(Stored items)
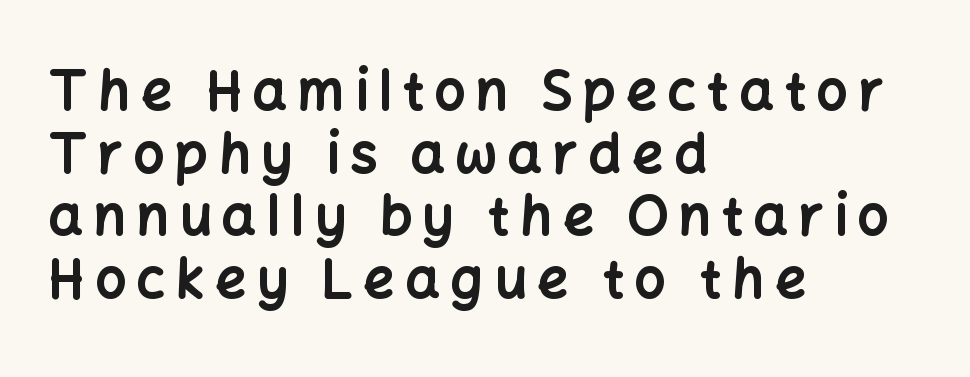
The image shows 54 px bold sans-serif type, upright; set left-aligned, line spacing 1.16x, unusually wide letter spacing (+0.2 em), not underlined; low stroke contrast and a medium x-height.
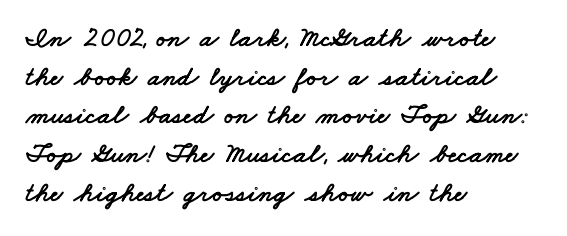
Q: Is the typeface a serif or a sans-serif typeface? A: Sans-serif.
Q: Is the text underlined? A: No.
Q: How is the paragraph aligned? A: Left-aligned.
Q: Is the spacing between letters normal or unusually wide? A: Normal.
Q: Is the spacing between lines tight, normal or loose? A: Normal.
Q: Width (condensed, normal, or wide)? A: Wide.
Q: Stroke contrast? A: Low.
Q: x-height? A: Small.
Q: Monospaced? A: No.
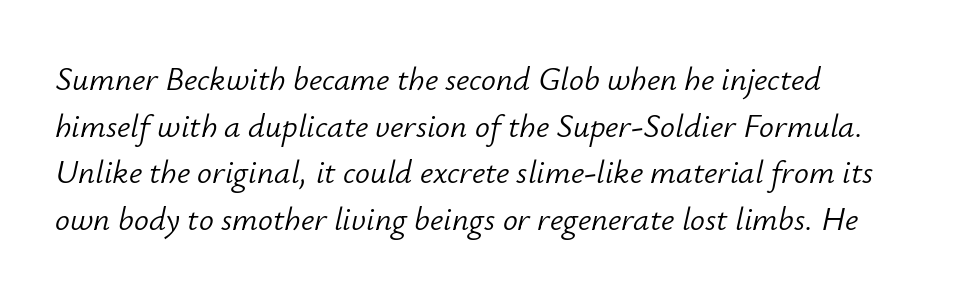
Q: Is the text bold? A: No.
Q: Is the text italic (slanted)? A: Yes, it leans right by about 12 degrees.
Q: Is the text underlined? A: No.
Q: Is the spacing between letters normal or unusually wide? A: Normal.
Q: Is the spacing between lines tight, normal or loose? A: Normal.
Q: Width (condensed, normal, or wide)? A: Normal.
Q: Stroke contrast? A: Low.
Q: x-height? A: Small.
Q: Monospaced? A: No.
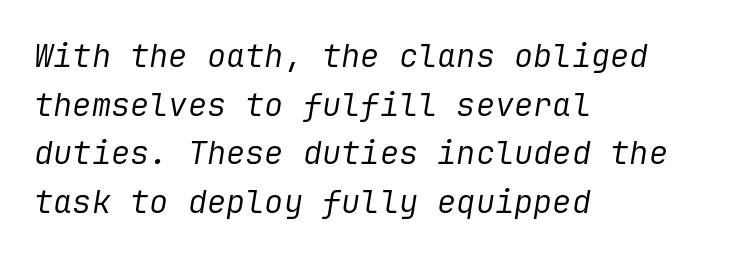
Q: Is the text bold? A: No.
Q: Is the text italic (slanted)? A: Yes, it leans right by about 9 degrees.
Q: Is the text underlined? A: No.
Q: How is the paragraph aligned? A: Left-aligned.
Q: Is the spacing between letters normal or unusually wide? A: Normal.
Q: Is the spacing between lines tight, normal or loose? A: Normal.
Q: Width (condensed, normal, or wide)? A: Normal.
Q: Stroke contrast? A: Low.
Q: x-height? A: Medium.
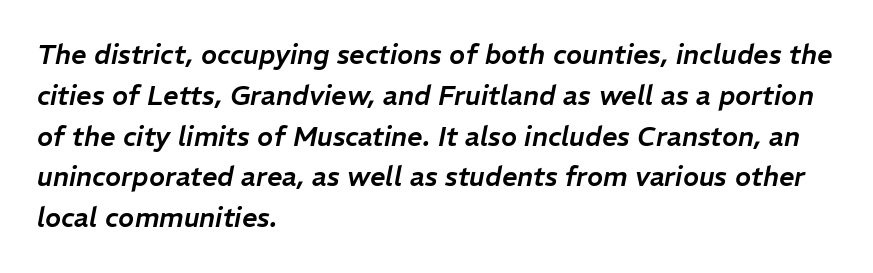
The image shows 27 px text type, italic (leaning right); set left-aligned, normal line spacing (1.51x), normal letter spacing, not underlined.
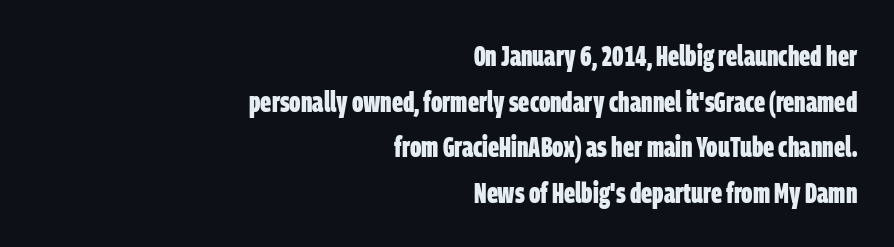
The image shows 29 px bold, condensed sans-serif type; set right-aligned, normal line spacing (1.57x), normal letter spacing, not underlined; low stroke contrast and a large x-height.
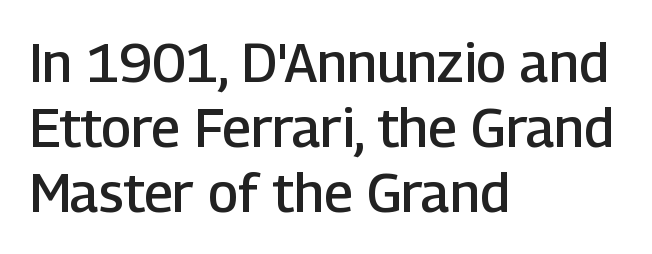
The image shows 54 px semibold sans-serif type, upright; set left-aligned, line spacing 1.2x, normal letter spacing, not underlined; low stroke contrast and a medium x-height.
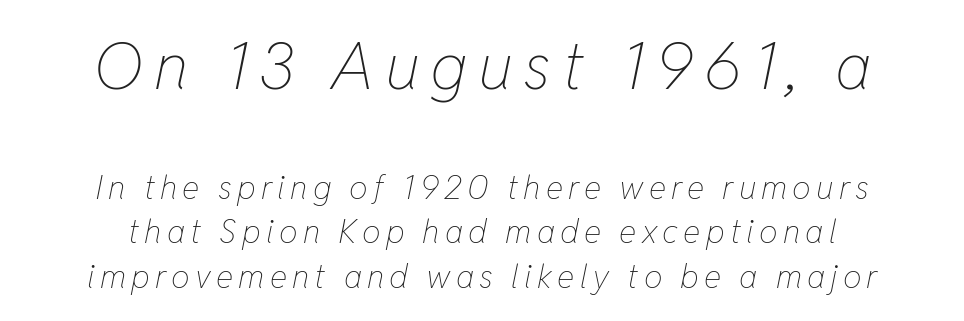
The image shows 66 px thin, condensed type, italic (leaning right); set centered, normal line spacing (1.36x), not underlined; the first (top) block is 2.0x larger; low stroke contrast and a medium x-height.
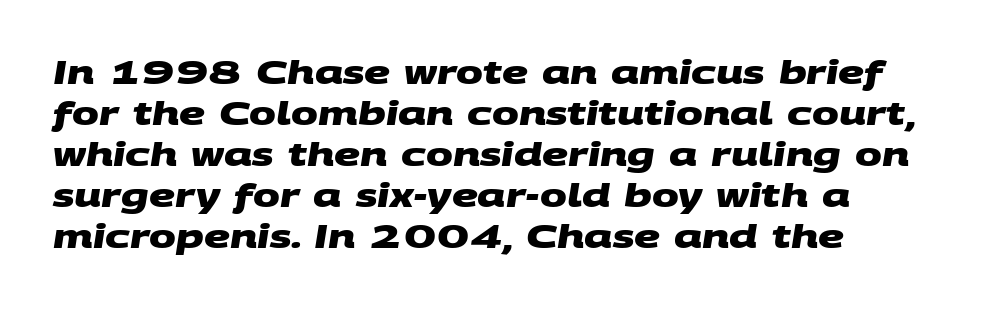
Q: Is the text bold? A: Yes.
Q: Is the typeface a serif or a sans-serif typeface? A: Sans-serif.
Q: Is the text underlined? A: No.
Q: How is the paragraph aligned? A: Left-aligned.
Q: Is the spacing between letters normal or unusually wide? A: Normal.
Q: Is the spacing between lines tight, normal or loose? A: Normal.
Q: Width (condensed, normal, or wide)? A: Wide.
Q: Stroke contrast? A: Medium.
Q: x-height? A: Large.
Q: Monospaced? A: No.

:: Task details ::
Return every entry word for word, but drop any pictures.

:: Your solution ::
The image shows 54 px bold sans-serif type, upright; set left-aligned, line spacing 1.16x, unusually wide letter spacing (+0.2 em), not underlined; low stroke contrast and a medium x-height.
Q: Is the typeface a serif or a sans-serif typeface? A: Sans-serif.
Q: Is the text underlined? A: No.
Q: How is the paragraph aligned? A: Left-aligned.
Q: Is the spacing between letters normal or unusually wide? A: Normal.
Q: Is the spacing between lines tight, normal or loose? A: Normal.
Q: Width (condensed, normal, or wide)? A: Wide.
Q: Stroke contrast? A: Low.
Q: x-height? A: Small.
Q: Monospaced? A: No.
Q: Is the text bold? A: No.
Q: Is the text italic (slanted)? A: Yes, it leans right by about 12 degrees.
Q: Is the text underlined? A: No.
Q: Is the spacing between letters normal or unusually wide? A: Normal.
Q: Is the spacing between lines tight, normal or loose? A: Normal.
Q: Width (condensed, normal, or wide)? A: Normal.
Q: Stroke contrast? A: Low.
Q: x-height? A: Small.
Q: Monospaced? A: No.
Q: Is the text bold? A: No.
Q: Is the text italic (slanted)? A: Yes, it leans right by about 9 degrees.
Q: Is the text underlined? A: No.
Q: How is the paragraph aligned? A: Left-aligned.
Q: Is the spacing between letters normal or unusually wide? A: Normal.
Q: Is the spacing between lines tight, normal or loose? A: Normal.
Q: Width (condensed, normal, or wide)? A: Normal.
Q: Stroke contrast? A: Low.
Q: x-height? A: Medium.
The image shows 27 px text type, italic (leaning right); set left-aligned, normal line spacing (1.51x), normal letter spacing, not underlined.
The image shows 29 px bold, condensed sans-serif type; set right-aligned, normal line spacing (1.57x), normal letter spacing, not underlined; low stroke contrast and a large x-height.
The image shows 54 px semibold sans-serif type, upright; set left-aligned, line spacing 1.2x, normal letter spacing, not underlined; low stroke contrast and a medium x-height.
The image shows 66 px thin, condensed type, italic (leaning right); set centered, normal line spacing (1.36x), not underlined; the first (top) block is 2.0x larger; low stroke contrast and a medium x-height.
Q: Is the text bold? A: Yes.
Q: Is the typeface a serif or a sans-serif typeface? A: Sans-serif.
Q: Is the text underlined? A: No.
Q: How is the paragraph aligned? A: Left-aligned.
Q: Is the spacing between letters normal or unusually wide? A: Normal.
Q: Is the spacing between lines tight, normal or loose? A: Normal.
Q: Width (condensed, normal, or wide)? A: Wide.
Q: Stroke contrast? A: Medium.
Q: x-height? A: Large.
Q: Monospaced? A: No.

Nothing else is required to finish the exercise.